Sure, we'd all prefer that such a person be honest about their reasons, but prying into their affairs is worse. A better approach is to ask them to be honest with you rather than snooping.

If some anonymous user is disrupting your Vent, you can track their IP to figure out where they're from. That may reveal who it could be, such as a disgruntled ex-member -- if you know where they live. However, it's easier to ban their IP from the server and move on with your life.

Tactics like IP tracing might also raise real worry among your current members. If you're willing to do that, they might wonder what you would do to them if they cross you. Not to mention, the methods you use can put you in murky legal territory, depending on the laws of your country.

Damage cooldowns

Drama happens. We do our best to contain it, but sometimes it just gets away from us. In these cases, the most effective way to mitigate the damage is to keep it as private as possible. Move conversations from guild chat to whispers, a private channel, or an invite-only Vent channel. Discuss the problems with the officers in /o or in your officer-only forums.

You can't -- and shouldn't -- order players not to discuss details, but you can ask them not to.

The only time you owe your guildmates full disclosure is if the drama involves corruption within the leadership. For example, say an officer has been embezzling from the guild bank. Or they've been favoring friends with raid invites in express violation of guild policy. In these cases, you really need to disclose everything to your guild members. Otherwise, rumors will spread and no one will trust your officers again.

In the case of personal drama between players, on the other hand, the less that is said in public the better. If a player asks you about it, the best response is simply to tell them, "The officers are handling it."

If you have to discuss drama with the guild as a whole, make sure it's in a place where no one from outside the guild can overhear you or, worse, copy and paste from a website and preserve the dysfunction for all time.

Outlandish revelations

In the course of months and years in a leadership position, you may find guild members telling you very strange things about themselves.
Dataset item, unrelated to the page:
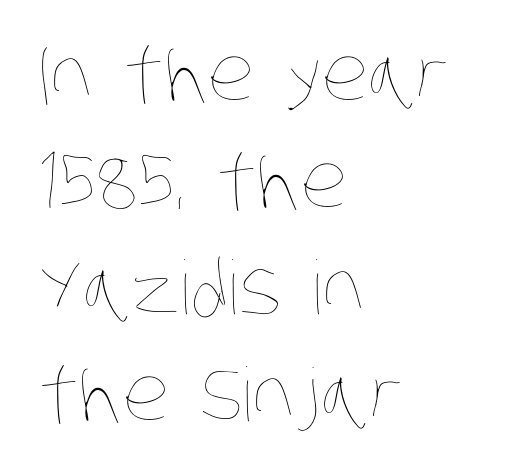
Caption: multi-line text, flush left, ragged right. Just letters on the line, the space beneath them empty. The font sits on the lighter half of the weight spectrum, regular included. Baseline-to-baseline distance is the conventional proportion of letter height. Varying glyph widths throughout — classic text-font behaviour.

Some of it can be highly personal, shocking, or bizarre. Some of it may even be criminal in nature.

The best policy in these situations is similar to that of a psychiatrist: tell no one what you've heard unless you have a strong feeling that the person is about to hurt someone or themselves.

Short of that, zip it. Gossip is an ugly habit for a person in a position of trust.

/salute Officers' Quarters keeps your guild leadership on track to cope with sticky situations such as members turned poachers or the return of an ex-guild leader and looking forward to what guilds need in Mists of Pandaria. Send your own guild-related questions and suggestions to scott@wowinsider.com. Tags: applications, building-guilds, combat-logs, drama, featured, guide, guide-to-officers, guild-advice, guild-applications, guild-leadership, guild-management, guild-officers, guilds-guide, ip-address, ip-trace, leadership, officers-quarters, privacy, secrets, world-of-logs, wow-guide, wow-guild-management, wow-guilds, wow-leadership

Filed under: Officers' Quarters (Guild Leadership)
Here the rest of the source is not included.